Appearances and goals by national team and year
| National team | Year | Apps | Goals |
| Paraguay | 2021 | 2 | 0 |
| 2022 | 7 | 0 |
| 2023 | 2 | 0 |
| 2024 | 12 | 2 |
| 2025 | 6 | 2 |
| 2026 | 8 | 1 |
| Total |  | 37 | 5 |

Scores and results list Paraguay's goal tally first.

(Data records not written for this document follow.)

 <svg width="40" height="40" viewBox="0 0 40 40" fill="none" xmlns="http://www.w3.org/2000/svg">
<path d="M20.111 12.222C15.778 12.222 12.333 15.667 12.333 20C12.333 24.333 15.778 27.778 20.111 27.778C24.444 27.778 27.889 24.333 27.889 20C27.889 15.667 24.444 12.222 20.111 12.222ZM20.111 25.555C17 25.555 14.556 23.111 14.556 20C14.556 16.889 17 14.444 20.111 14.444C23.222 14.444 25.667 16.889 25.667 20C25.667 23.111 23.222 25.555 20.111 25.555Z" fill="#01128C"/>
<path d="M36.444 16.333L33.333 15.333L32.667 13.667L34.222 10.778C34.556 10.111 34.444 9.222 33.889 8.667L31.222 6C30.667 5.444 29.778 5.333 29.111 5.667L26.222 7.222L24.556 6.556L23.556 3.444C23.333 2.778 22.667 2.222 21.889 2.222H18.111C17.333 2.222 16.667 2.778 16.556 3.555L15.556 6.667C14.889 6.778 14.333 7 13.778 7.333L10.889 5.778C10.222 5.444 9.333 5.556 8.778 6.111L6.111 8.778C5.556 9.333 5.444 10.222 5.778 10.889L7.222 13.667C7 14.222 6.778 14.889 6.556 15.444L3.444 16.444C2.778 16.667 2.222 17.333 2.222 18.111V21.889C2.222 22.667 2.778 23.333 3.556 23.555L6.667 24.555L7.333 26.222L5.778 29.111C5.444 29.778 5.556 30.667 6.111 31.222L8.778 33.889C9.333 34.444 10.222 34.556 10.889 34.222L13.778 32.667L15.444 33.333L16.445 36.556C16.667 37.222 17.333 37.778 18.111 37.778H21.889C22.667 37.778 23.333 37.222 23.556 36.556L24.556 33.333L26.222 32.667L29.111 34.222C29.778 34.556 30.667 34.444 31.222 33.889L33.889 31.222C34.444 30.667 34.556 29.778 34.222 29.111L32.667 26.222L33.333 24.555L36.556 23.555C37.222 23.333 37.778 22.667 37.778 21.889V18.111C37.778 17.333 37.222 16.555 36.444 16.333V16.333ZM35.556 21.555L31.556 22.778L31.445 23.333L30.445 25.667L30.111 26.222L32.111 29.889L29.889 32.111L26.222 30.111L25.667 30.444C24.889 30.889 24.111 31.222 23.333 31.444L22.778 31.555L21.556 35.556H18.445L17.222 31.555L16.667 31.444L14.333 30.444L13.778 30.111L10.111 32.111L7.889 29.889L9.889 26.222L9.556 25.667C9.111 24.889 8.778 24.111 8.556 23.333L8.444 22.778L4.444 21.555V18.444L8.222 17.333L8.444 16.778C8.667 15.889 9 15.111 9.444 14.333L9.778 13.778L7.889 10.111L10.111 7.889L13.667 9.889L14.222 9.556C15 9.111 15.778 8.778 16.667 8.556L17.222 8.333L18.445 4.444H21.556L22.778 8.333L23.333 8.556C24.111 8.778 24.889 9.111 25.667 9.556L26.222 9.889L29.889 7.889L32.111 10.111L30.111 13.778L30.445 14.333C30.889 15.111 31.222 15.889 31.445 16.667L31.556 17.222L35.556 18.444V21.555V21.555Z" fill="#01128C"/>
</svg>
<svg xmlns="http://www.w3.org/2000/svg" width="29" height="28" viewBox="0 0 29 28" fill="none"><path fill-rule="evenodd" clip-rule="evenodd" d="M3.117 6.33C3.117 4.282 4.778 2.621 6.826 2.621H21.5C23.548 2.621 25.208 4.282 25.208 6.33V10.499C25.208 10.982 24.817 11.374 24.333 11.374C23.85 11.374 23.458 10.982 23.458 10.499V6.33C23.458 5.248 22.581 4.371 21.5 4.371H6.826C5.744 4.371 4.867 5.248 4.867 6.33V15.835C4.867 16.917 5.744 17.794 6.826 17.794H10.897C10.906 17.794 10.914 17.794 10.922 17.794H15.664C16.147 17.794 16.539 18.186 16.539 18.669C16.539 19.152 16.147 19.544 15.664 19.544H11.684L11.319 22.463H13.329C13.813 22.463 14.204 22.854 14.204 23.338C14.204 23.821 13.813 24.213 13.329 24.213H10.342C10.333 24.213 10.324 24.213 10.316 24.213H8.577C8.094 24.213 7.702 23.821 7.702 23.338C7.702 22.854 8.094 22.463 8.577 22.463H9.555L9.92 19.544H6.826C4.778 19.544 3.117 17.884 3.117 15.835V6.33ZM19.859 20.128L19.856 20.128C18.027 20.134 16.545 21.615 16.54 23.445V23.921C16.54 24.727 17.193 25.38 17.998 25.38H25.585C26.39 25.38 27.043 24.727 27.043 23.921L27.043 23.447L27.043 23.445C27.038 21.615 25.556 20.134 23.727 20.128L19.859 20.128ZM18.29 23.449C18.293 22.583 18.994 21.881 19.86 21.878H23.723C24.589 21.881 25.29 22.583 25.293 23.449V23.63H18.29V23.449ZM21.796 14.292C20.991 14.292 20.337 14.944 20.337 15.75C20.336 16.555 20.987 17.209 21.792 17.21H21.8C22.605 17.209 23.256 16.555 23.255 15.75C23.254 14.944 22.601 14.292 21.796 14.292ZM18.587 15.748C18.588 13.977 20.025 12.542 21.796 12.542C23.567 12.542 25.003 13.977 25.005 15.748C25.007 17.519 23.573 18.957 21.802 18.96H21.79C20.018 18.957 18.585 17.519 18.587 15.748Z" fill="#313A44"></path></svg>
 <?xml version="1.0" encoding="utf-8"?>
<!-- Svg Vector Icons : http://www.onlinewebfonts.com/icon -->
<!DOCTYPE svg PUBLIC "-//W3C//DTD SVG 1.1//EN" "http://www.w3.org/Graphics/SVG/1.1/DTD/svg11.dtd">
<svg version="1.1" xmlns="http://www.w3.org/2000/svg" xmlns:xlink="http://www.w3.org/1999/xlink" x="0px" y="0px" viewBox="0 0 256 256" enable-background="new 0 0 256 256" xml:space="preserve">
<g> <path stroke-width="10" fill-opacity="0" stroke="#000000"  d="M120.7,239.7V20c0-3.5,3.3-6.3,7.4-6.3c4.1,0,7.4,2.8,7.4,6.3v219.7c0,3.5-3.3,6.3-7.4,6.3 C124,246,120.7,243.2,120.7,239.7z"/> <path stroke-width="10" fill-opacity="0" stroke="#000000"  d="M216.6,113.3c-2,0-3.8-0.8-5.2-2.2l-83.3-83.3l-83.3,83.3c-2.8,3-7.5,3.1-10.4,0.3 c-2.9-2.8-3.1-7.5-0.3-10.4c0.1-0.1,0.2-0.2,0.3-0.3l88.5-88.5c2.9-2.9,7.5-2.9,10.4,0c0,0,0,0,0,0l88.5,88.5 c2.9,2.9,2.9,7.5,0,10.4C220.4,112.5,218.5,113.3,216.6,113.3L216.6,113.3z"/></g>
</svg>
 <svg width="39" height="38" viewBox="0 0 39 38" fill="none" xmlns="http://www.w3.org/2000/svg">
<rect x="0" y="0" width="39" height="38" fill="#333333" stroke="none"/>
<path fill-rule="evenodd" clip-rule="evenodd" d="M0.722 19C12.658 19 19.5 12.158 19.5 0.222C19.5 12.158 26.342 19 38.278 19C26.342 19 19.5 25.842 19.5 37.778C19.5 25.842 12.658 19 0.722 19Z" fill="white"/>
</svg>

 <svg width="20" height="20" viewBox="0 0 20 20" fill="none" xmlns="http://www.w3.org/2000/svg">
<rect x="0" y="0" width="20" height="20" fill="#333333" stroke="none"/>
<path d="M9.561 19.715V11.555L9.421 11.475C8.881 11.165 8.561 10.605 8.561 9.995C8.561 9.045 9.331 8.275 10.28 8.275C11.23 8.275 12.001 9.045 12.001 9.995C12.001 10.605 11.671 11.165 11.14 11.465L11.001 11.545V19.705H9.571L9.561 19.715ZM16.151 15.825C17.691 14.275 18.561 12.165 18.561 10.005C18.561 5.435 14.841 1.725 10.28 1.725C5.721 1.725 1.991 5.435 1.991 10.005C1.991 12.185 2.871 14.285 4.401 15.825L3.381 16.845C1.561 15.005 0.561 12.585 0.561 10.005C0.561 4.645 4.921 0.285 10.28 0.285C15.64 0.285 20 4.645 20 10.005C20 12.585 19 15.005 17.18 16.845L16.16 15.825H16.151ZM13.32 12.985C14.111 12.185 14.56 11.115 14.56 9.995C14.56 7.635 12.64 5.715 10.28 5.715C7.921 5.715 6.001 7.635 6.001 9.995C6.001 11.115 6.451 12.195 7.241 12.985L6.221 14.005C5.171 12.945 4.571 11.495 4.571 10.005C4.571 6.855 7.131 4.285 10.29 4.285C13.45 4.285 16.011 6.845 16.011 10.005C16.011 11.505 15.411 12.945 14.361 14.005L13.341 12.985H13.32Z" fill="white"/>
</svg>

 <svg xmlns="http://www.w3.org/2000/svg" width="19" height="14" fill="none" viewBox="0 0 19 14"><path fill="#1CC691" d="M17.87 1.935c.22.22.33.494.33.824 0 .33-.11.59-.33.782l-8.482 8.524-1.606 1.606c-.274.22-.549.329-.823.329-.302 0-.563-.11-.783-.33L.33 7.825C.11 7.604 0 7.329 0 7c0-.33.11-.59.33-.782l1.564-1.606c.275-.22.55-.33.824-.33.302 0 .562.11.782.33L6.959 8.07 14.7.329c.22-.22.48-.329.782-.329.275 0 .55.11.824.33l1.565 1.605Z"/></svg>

List of international goals scored by Julio Enciso
| No. | Date | Venue | Cap | Opponent | Score | Result | Competition |
|---|---|---|---|---|---|---|---|
| 1 | 24 June 2024 | NRG Stadium, Houston, United States | 15 | Colombia | 1–2 | 1–2 | 2024 Copa América |
| 2 | 19 November 2024 | El Alto Municipal Stadium, El Alto, Bolivia | 23 | Bolivia | 2–2 | 2–2 | 2026 FIFA World Cup qualification |
| 3 | 25 March 2025 | Estadio Metropolitano Roberto Meléndez, Barranquilla, Colombia | 25 | Colombia | 2–2 | 2–2 | 2026 FIFA World Cup qualification |
| 4 | 5 June 2025 | Estadio Defensores del Chaco, Asunción, Paraguay | 26 | Uruguay | 2–0 | 2–0 | 2026 FIFA World Cup qualification |
| 5 | 29 June 2026 | Gillette Stadium, Foxborough, United States | 36 | Germany | 1–0 | 1–1 (a.e.t.) (4–3 p) | 2026 FIFA World Cup |

==Honours==
Libertad
- División Profesional: 2021 Apertura, 2022 Apertura

Individual
- BBC Goal of the Season: 2022–23
- Premier League Goal of the Season: 2022–23
- Brighton & Hove Albion Goal of the Season: 2022–23
- FIFA Puskás Award Nominee: 2023

Records
- Youngest player to score a goal on his debut in the Copa Libertadores (16 years and 307 days).
- Youngest player to score in the Copa Libertadores in the 21st century (16 years and 307 days).
- First Paraguayan footballer nominated for the Golden Boy Award.
- First Paraguayan footballer nominated for the Puskás Award, also the first as a finalist for the award.
- Fourth youngest footballer in history to debut for the Paraguay national team (17 years, 1 month, and 18 days).
- First Paraguayan footballer chosen as the Goal of the Season by BBC Sport, as well as the Premier League Goal of the Season.
- Second youngest player in history to score against Arsenal in their own stadium (19 years and 111 days).